Bill Ray Jackson (September 15, 1935 – January 17, 2022) was an American television personality, cartoonist, and educator. He was best known for having hosted the children's programs The BJ and Dirty Dragon Show and Gigglesnort Hotel.

Early life and career
Jackson was born in Unionville, Missouri. His father worked with a traveling carnival. He said he was very influenced by both comic strips and comic books, with Li'l Abner and Donald Duck being his favorites. Jackson graduated from the University of Missouri's school of journalism with a degree in television production in 1957, but did not get interested in puppetry until later.

His first broadcasting job was at KTVO in Ottumwa, Iowa, where he was a weatherman, copywriter and the station's art director. After a year at the station, Jackson joined the Army and was assigned to the Armed Forces Network in Hollywood. It was there that he created his first puppets.

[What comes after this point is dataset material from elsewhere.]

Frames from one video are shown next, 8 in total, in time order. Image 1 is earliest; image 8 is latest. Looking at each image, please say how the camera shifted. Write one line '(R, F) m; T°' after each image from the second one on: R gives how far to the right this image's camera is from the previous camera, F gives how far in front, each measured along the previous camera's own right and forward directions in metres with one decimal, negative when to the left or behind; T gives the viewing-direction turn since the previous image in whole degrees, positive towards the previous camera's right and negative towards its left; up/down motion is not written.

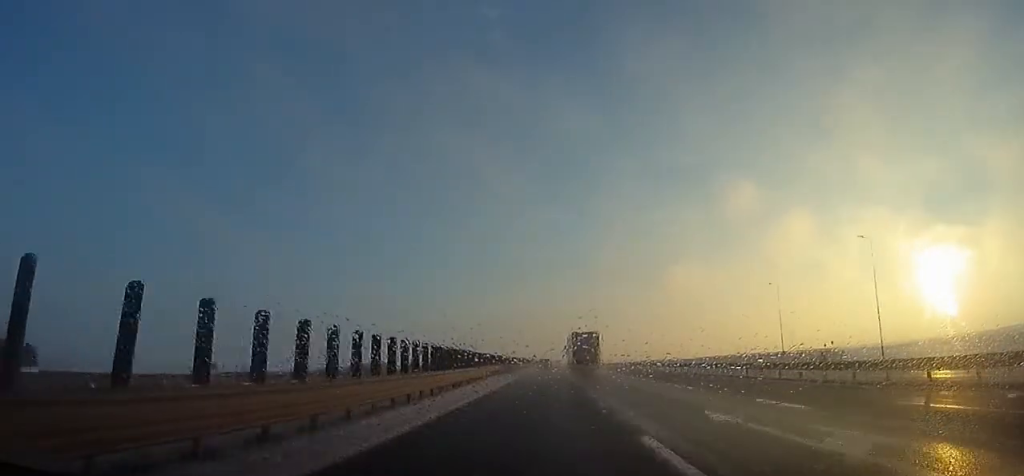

His earliest appearance in children's television was in 1960 when he hosted a program in Fort Wayne, Indiana, called the Popeye and Little Rascals Club; this was broadcast for two years. The show was such a success that he moved on to Indianapolis for another three years with the Mickey Mouse Club on WLWI (now WTHR), later renamed The Bill Jackson Show, where he created his most enduring character, Dirty Dragon, based on a friend in Indianapolis. Jackson said "Cartoon Town" was based on the small town he grew up in and some of his puppet characters were based on some of his Unionville neighbors, and that the character "Weird" was based on a Chicago friend.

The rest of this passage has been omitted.